Building a Linear Regression Model from Scratch in Python

Linear regression is one of the foundational algorithms of machine learning and data science. It’s a simple, yet powerful predictive modeling technique that allows for understanding relationships between variables. In the context of machine learning, linear regression uses the relationship data to forecast or predict the output.

In this article, we aim to lay a solid foundation for understanding linear regression, and how to implement it from scratch in Python. We also assume the reader has a basic understanding of Python and elementary concepts of statistics.

Table of Contents

1. Introduction
2. Understanding Linear Regression
   • Simple Linear Regression
   • Multiple Linear Regression
3. Mathematical Overview
4. Building a Linear Regression Model from Scratch
5. Implementation in Python
6. Testing the Model
7. Conclusion

Introduction

Python is a versatile language with a rich data science ecosystem. It provides an extensive array of libraries and tools for machine learning and data wrangling, but nothing quite hones your understanding of a subject like building from the ground up.

Let’s start by discussing what linear regression is.

Understanding Linear Regression

Linear regression is a type of regression analysis where the relationship between the dependent variable and the independent variable is linear.

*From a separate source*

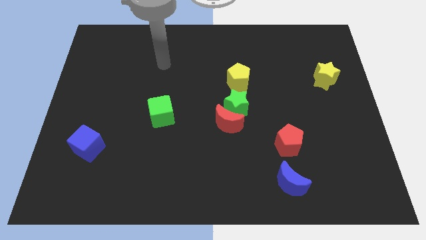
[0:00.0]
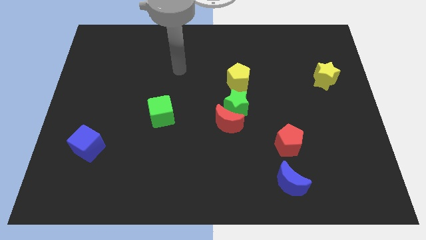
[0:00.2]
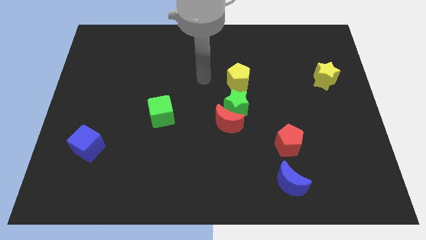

Here:

• Dependent Variable: The main factor that you’re trying to understand or predict.
• Independent Variable: The factors that you will leverage to understand or predict the dependent variable.

Simple Linear Regression

Simple linear regression uses one independent variable to explain or predict the outcome of the dependent variable Y, while more complex models include two or more independent variables.

Multiple Linear Regression

Multiple linear regression attempts to model the relationship between two or more features and a response by fitting a linear equation to observed data. Hence, a larger number of independent variables are associated with the dependent variables.

Mathematical Overview

The foundation of any linear regression model is the equation: y = mx + c.

However, in the case of multiple linear regression, the equation becomes y = m1x1 + m2x2 + m3x3 + ... + c where y is the dependent variable, m is the model coefficient, and c is the constant.

Linear Regression’s primary objective is to minimize the total sum of the squared difference between the actual value y and the value predicted by our model y predicted.

Building a Linear Regression Model from Scratch

Let’s walk through the steps to build a simple linear regression model from scratch.

Step 1 – Import the Required Libraries

Start by importing the required Python libraries. We will need NumPy for mathematical computations and matplotlib for plotting graphs.

import numpy as np
import matplotlib.pyplot as plt

Step 2 – Create Fake Data

For illustration purposes, let us create a fake dataset using NumPy.

np.random.seed(0)
x = 2 - 3 * np.random.normal(0, 1, 100)
y = x - 2 * (x ** 2) + 0.5 * (x ** 3) + np.random.normal(-3, 3, 100)
plt.scatter(x,y, s=10)
plt.show()

Step 3 – Transform the Dataset

To apply linear regression, we’ll need to convert the dataset into a column vector, which we’ll do using the reshape method. We also split the dataset into training and testing sets.

x = x[:, np.newaxis]
y = y[:, np.newaxis]

Step 4 – Building the Model

Our task is to find the best fit line for the given dataset. We will need two parameters m & c to define that line.

m = 0
c = 0

L = 0.01  # The learning Rate
epochs = 1000  # The number of iterations to perform gradient descent

n = float(len(x)) # Number of elements in x

# Performing Gradient Descent 
for i in range(epochs): 
  y_predicted = m*x + c  # The current predicted value of Y
  D_m = (-2/n) * sum(x * (y - y_predicted))  # Derivative wrt m
  D_c = (-2/n) * sum(y - y_predicted)  # Derivative wrt c
  m = m - L * D_m  # Update m
  c = c - L * D_c  # Update c

print (m, c)

Step 5 – Making Predictions

Now, we’ll use the linear model for prediction of future values.

y_predicted = m*x + c

Testing the Model

To see how well our model has performed and visually inspect the line of best fit we plot the values.

plt.scatter(x, y) 
plt.plot([min(x), max(x)], [min(y_predicted), max(y_predicted)], color='red')  # regression line
plt.show()

Conclusion

And there you have it! You have built a simple linear regression model completely from scratch in Python. It’s crucial to remember that linear regression is a starting point in prediction modeling, and linear relationships may not always exist in real-world scenarios! But for scenarios that do, it is a wonderfully simple predictive tool.

Remember, to be a better data scientist, it’s about understanding the gearing that powers the algorithms, not just knowing how to use sklearn’s built-in functions. Happy coding!